# Bee Balm



## pgg (Jun 19, 2005)

I have several bee balm plants. Mainly because they bloom all summer and they're close to being deer proof! Bee balm has fuzzy leaves and steams that hold moisture and it is therefore prone to mildew problems. I have had good luck with "Jacob Cline". It has bright red flowers and is very mildew resisdent. It also makes a good tea.
Virginia mountain mint and agastache are also good bee and tea plants, if you're interested. I don't have any seed distributers to recommend, I usually buy potted plants.
Hope this helps.


Patrick


----------



## BeeAware (Mar 24, 2007)

Swallowtail seeds usually has Monarda D. seed. They really do attract lots of bumble bees and butterflies.


----------



## Walliebee (Nov 17, 2006)

sentientsoil said:


> As far as I know, the variety used for tea is monarda didyma.. is that right? Are these other varieties of monarda safe for tea? should I look somewhere else to get bee balm seed?

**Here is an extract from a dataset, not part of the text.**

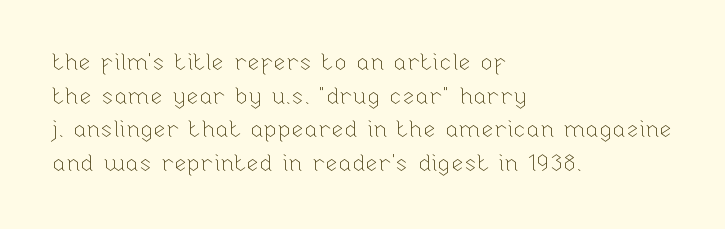
What stands out about the letter spacing? Nothing — it is the standard amount. Type without underlining. You can tell it's not italic because the verticals are truly vertical. Is there much room between lines? A standard amount, neither cramped nor airy.
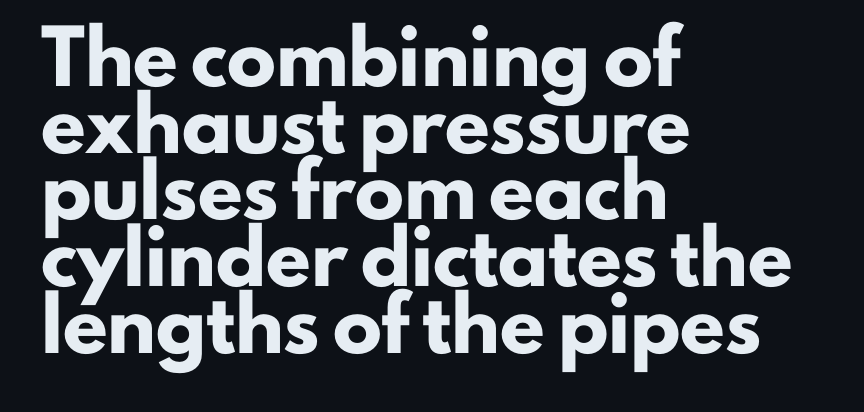
{"serif": "no", "italic": "no", "bold": "yes", "weight": "heavy", "width": "normal", "stroke_contrast": "low", "x_height": "small", "monospaced": "no", "underline": "no", "align": "left", "line_spacing": "normal", "line_spacing_ratio": 1.36, "letter_spacing": "normal", "letter_spacing_em": 0.0, "glyph_px": 49}

Both Monarda fistulosa and Monarda didyma makes good tea. M. fistulosa is called wild bergamot, horse-mint, or Oswego tea. was used by Native Americans. It's flavor is stronger than M. didyma.

Bee balm or M. didyma has longer flowers and attracts hummingbirds, but in my opinion bees have trouble getting nectar from the tubular blooms.

There are around 20 species and you'll also find hybrids, all are edible.

They all need quite a lot of space, and good air movement in full sun to prevent powdery mildew from attacking their leaves.

While seeds are easy, I would purchase a plant from a garden center. It is inexpensive will provide results much faster.

My friends at Niche Gardens mail order nursery http://www.nichegardens.com/ sell all the Monarda’s you would want.


----------



## pgg (Jun 19, 2005)

Niche Gardens is a good company to deal with. They have a very good selection of plants also.


Patrick


----------



## sentientsoil (Apr 20, 2008)

wow, thanks for all the help guys! I checked out those sites and am very impressed!

but now that I know that pretty much all the monarda are good for tea (though the fistulosa is apparently best) I can go back to Menards and see which variety that was and consider starting from seed without paying s&h. 

but wow, some of those plants I saw are soooooo tempting.


----------